I love you my firstborn child. Happy Birthday.

1995



2006

8 Comments:

  • At 9:22 AM, Blogger Chicky Chicky Baby said…

    Beautiful post! Right now I'm wishing I had a neighbor like you to share these early days with.

    As for your perceived lack of a statement... In my opinion (like you asked for it!) profundity is unnecessary when it comes to writing about our children as they often offer enough of it themselves. I'm sure your two boys have given you enough profound moments to fill a book. Nudge, nudge.

     
  • At 9:23 AM, Blogger Chicky Chicky Baby said…

    Oh, shoot! I almost forgot...
    Happy Birthday First Son!!

     
  • At 9:40 AM, Blogger Mom101 said…

    I'm sure that were he to read this, he'd be mortified as all hell and hate you for life. But come a few years, he would look back at this and the love with which it was written and smile broadly at how lucky he is. Happy birthday to BA Jr.

     
  • At 12:45 PM, Anonymous Anonymous said…

    I love reading about moms that are past the old "crazy 2s" and into the crazy "10s" (as my brother used to say when he was little).

    Congrats on making it this far reasonably well in tact. I hope I can say the same for myself.

     
  • At 4:28 PM, Blogger Sandra said…

    Happy birthday to him!

    What a beautiful post. So honest heartfelt. You sound like a great mom with a solid relationship with her little man.

     
  • At 7:39 PM, Blogger MrsFortune said…

    Yeah, I want one of those moms to move in next to me! This was particularly lovely for me to read, since my son is so close to being here.

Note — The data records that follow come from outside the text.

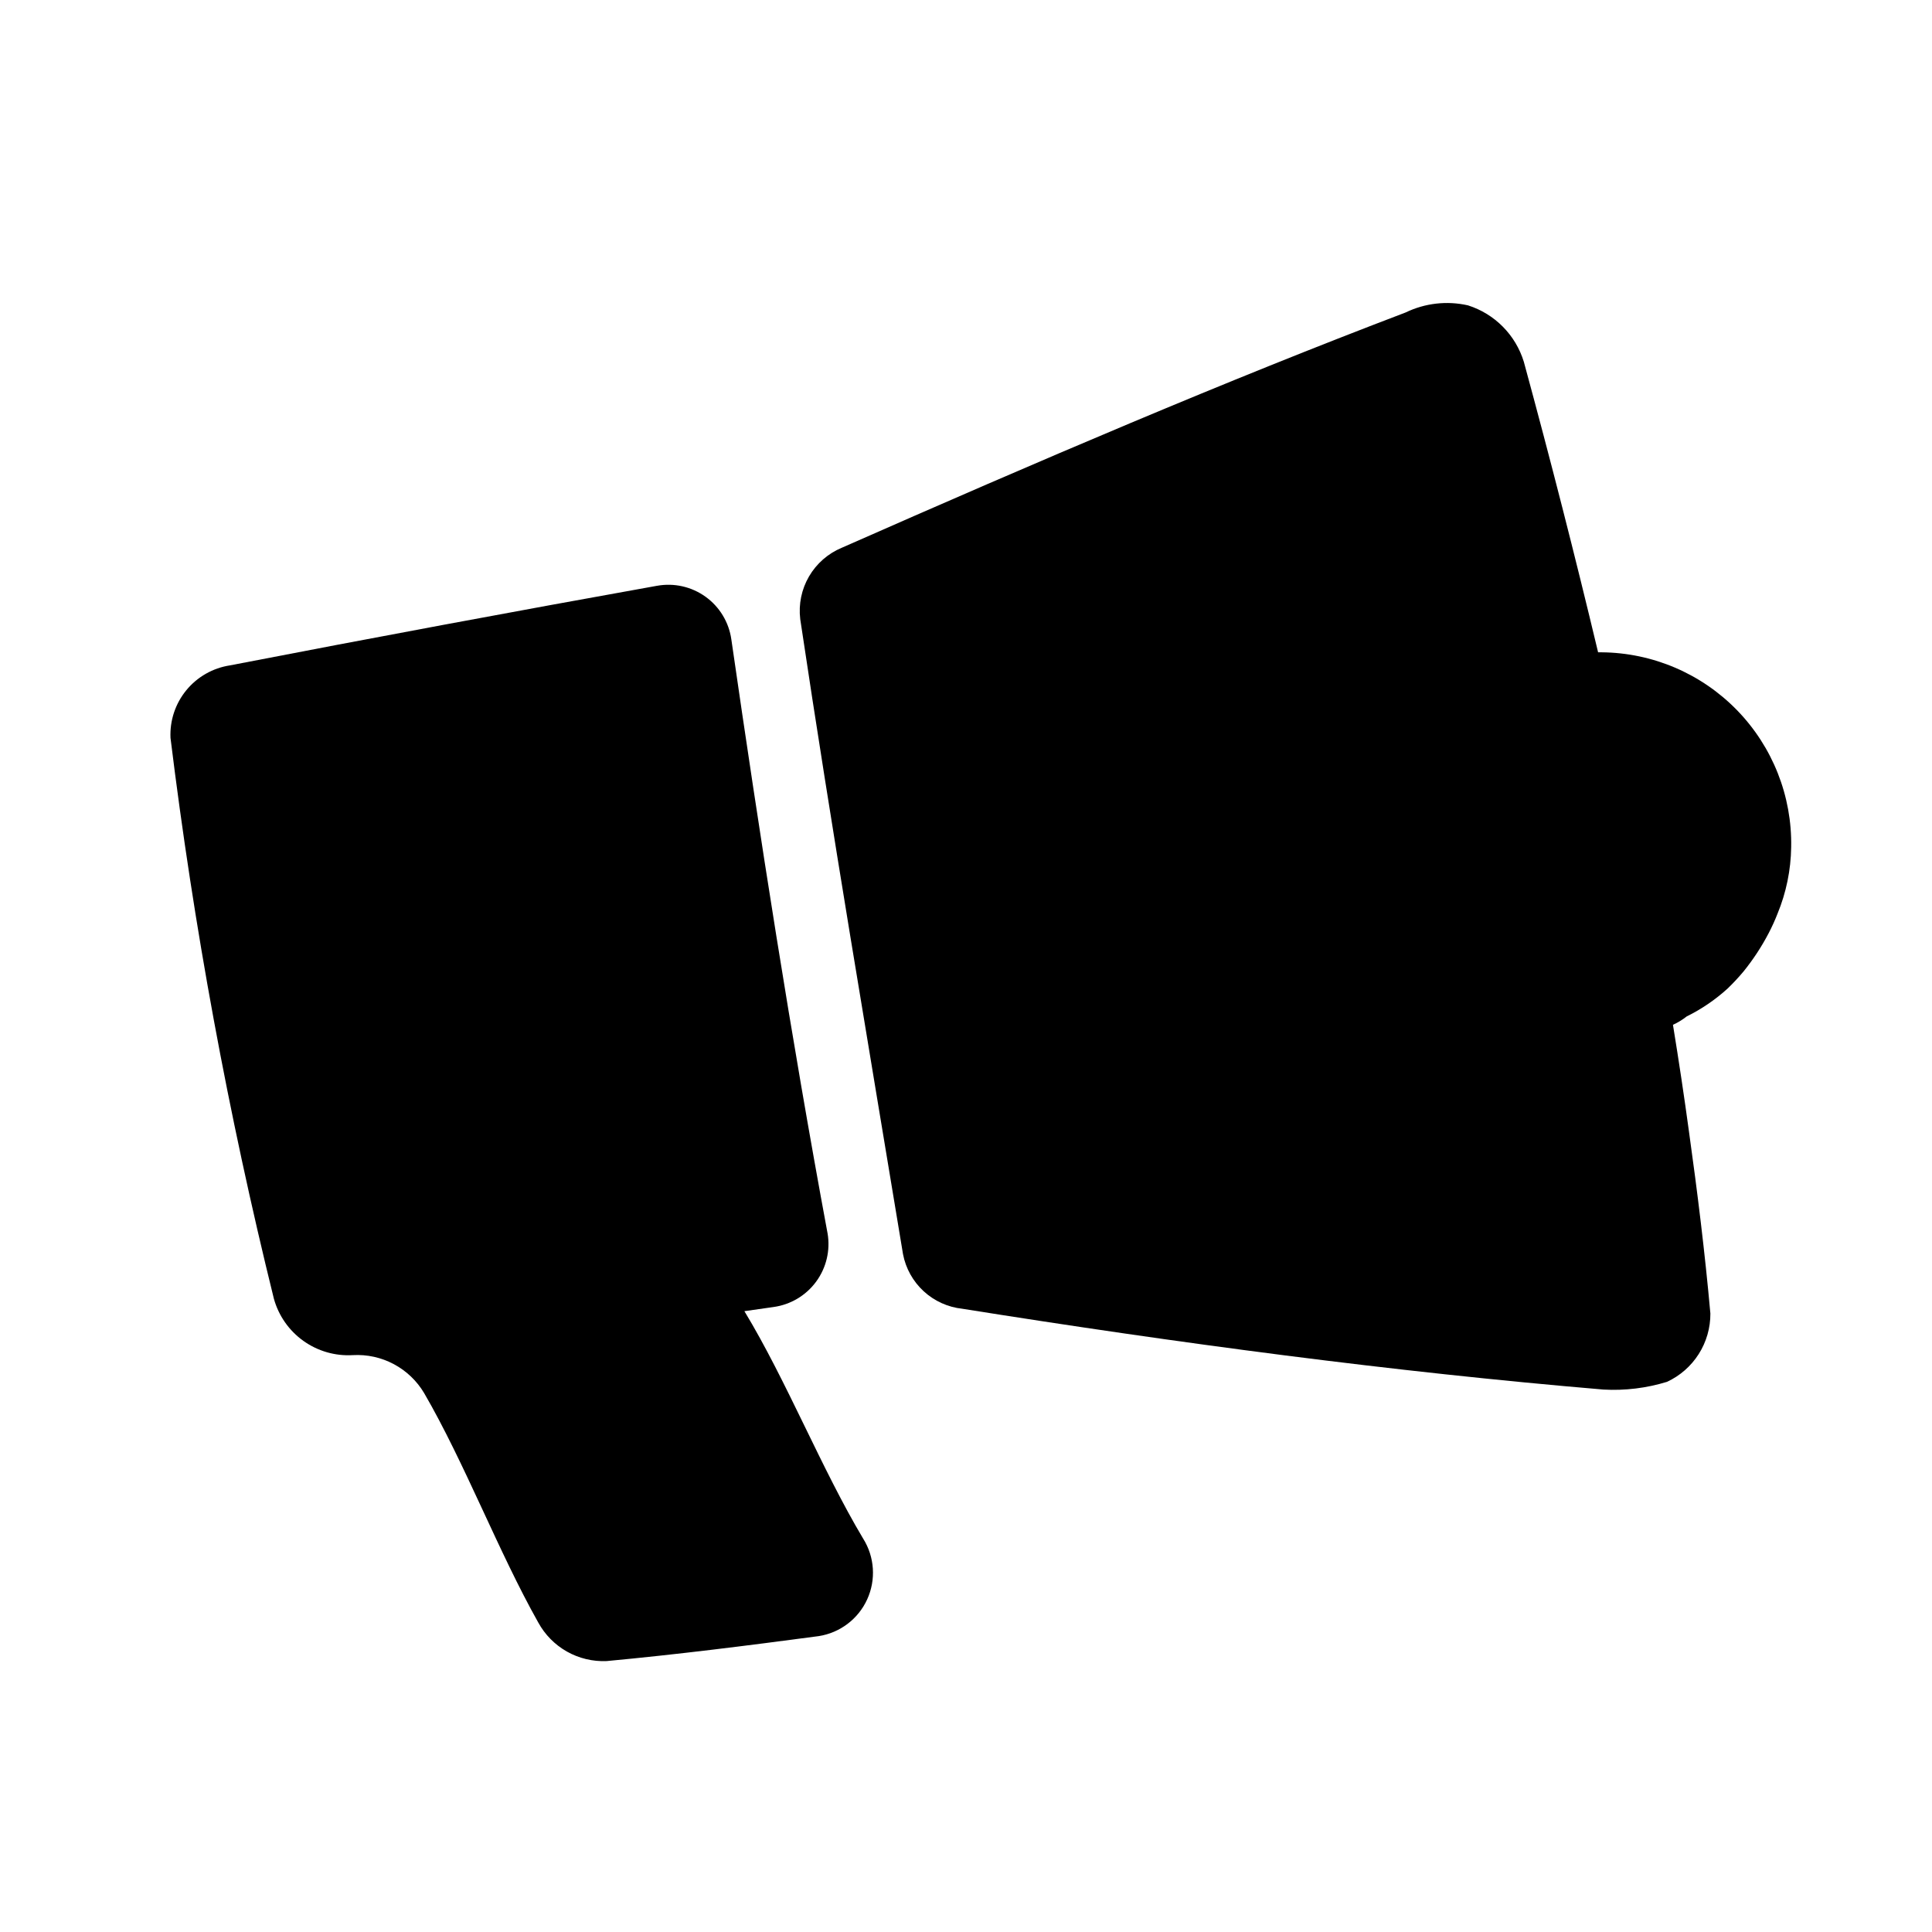 <?xml version="1.0" encoding="UTF-8"?>
<!-- The Best Svg Icon site in the world: iconSvg.co, Visit us! https://iconsvg.co -->
<svg fill="#000000" width="800px" height="800px" version="1.1" viewBox="144 144 512 512" xmlns="http://www.w3.org/2000/svg">
 <g>
  <path d="m360.95 577.59c-18.895 2.519-37.629 4.879-56.207 6.613-3.672 0.156-7.312-0.719-10.516-2.527-3.199-1.809-5.828-4.481-7.59-7.707-10.547-18.734-19.523-42.352-30.23-60.773l0.004 0.004c-1.926-3.25-4.707-5.906-8.039-7.684-3.328-1.777-7.086-2.606-10.855-2.394-4.676 0.281-9.305-1.055-13.113-3.773-3.812-2.723-6.574-6.672-7.824-11.184-12.094-48.949-21.242-98.578-27.395-148.62-0.211-4.582 1.281-9.078 4.188-12.621 2.906-3.547 7.023-5.894 11.555-6.59 37.996-7.348 75.73-14.379 113.2-21.098v0.004c4.5-0.816 9.141 0.23 12.852 2.902 3.711 2.672 6.176 6.738 6.828 11.266 7.559 52.27 15.742 104.86 25.504 157.44h0.004c0.766 4.5-0.324 9.117-3.027 12.797-2.699 3.68-6.777 6.106-11.301 6.727l-7.715 1.102c11.18 18.422 20.469 41.879 31.488 60.301v-0.004c3.031 4.848 3.426 10.895 1.047 16.09-2.375 5.199-7.207 8.855-12.855 9.73z"/>
  <path d="m615.06 386.14c-0.691 1.773-1.48 3.508-2.363 5.195-1.867 3.566-4.082 6.941-6.609 10.074-1.336 1.598-2.754 3.121-4.254 4.566-3.258 2.961-6.914 5.453-10.863 7.402-1.109 0.879-2.328 1.621-3.621 2.203 1.574 9.656 2.992 19.102 4.25 28.34 2.203 15.742 4.25 32.273 5.668 48.176 0.023 3.801-1.051 7.531-3.086 10.738-2.039 3.211-4.957 5.769-8.406 7.367-5.449 1.672-11.152 2.367-16.844 2.047-55.891-4.723-112.57-12.281-169.88-21.41v-0.004c-3.832-0.402-7.43-2.031-10.266-4.637-2.836-2.609-4.758-6.062-5.481-9.848-9.289-56.207-18.895-112.41-27.238-168.3l0.004 0.004c-0.477-3.922 0.344-7.891 2.332-11.301 1.992-3.41 5.043-6.078 8.688-7.594 52.113-22.984 102.18-44.398 149.41-62.348 5.137-2.484 10.965-3.148 16.531-1.887 7.09 2.254 12.621 7.844 14.801 14.957 7.031 25.82 13.594 51.484 19.68 76.988h0.945c13.527 0.121 26.445 5.648 35.879 15.348 9.43 9.699 14.598 22.766 14.344 36.293-0.086 6.051-1.312 12.035-3.621 17.633z"/>
 </g>
</svg>

    And your son is gorgeous. AND, I work with 13 year olds, and a lot of them STILL totally prize their moms above all else. It's awesome!

     
  • At 10:21 PM, Blogger Blog Antagonist said…

    Chicky: You crack me up. I don't think I have the self-discipline to write a book. I'm more of a short story writer or essayist.

    Mrs. Fortune: It does my heart good to hear that about the 13 year olds. I wish you all the best as the Mother of a Son. It's a special thing.

    Everyone else: Thanks for the kind words on my "feeling really old" day. I still can't believe he's 11.

     
  • At 12:48 PM, Blogger GIRL'S GONE CHILD said…

    Happy Birthday to your litttle man and another fabulous post. Like Kristen already said, it's wonderful to read about kids past-toddlerhood. It's hard to believe they grow up, sometimes. Happy day!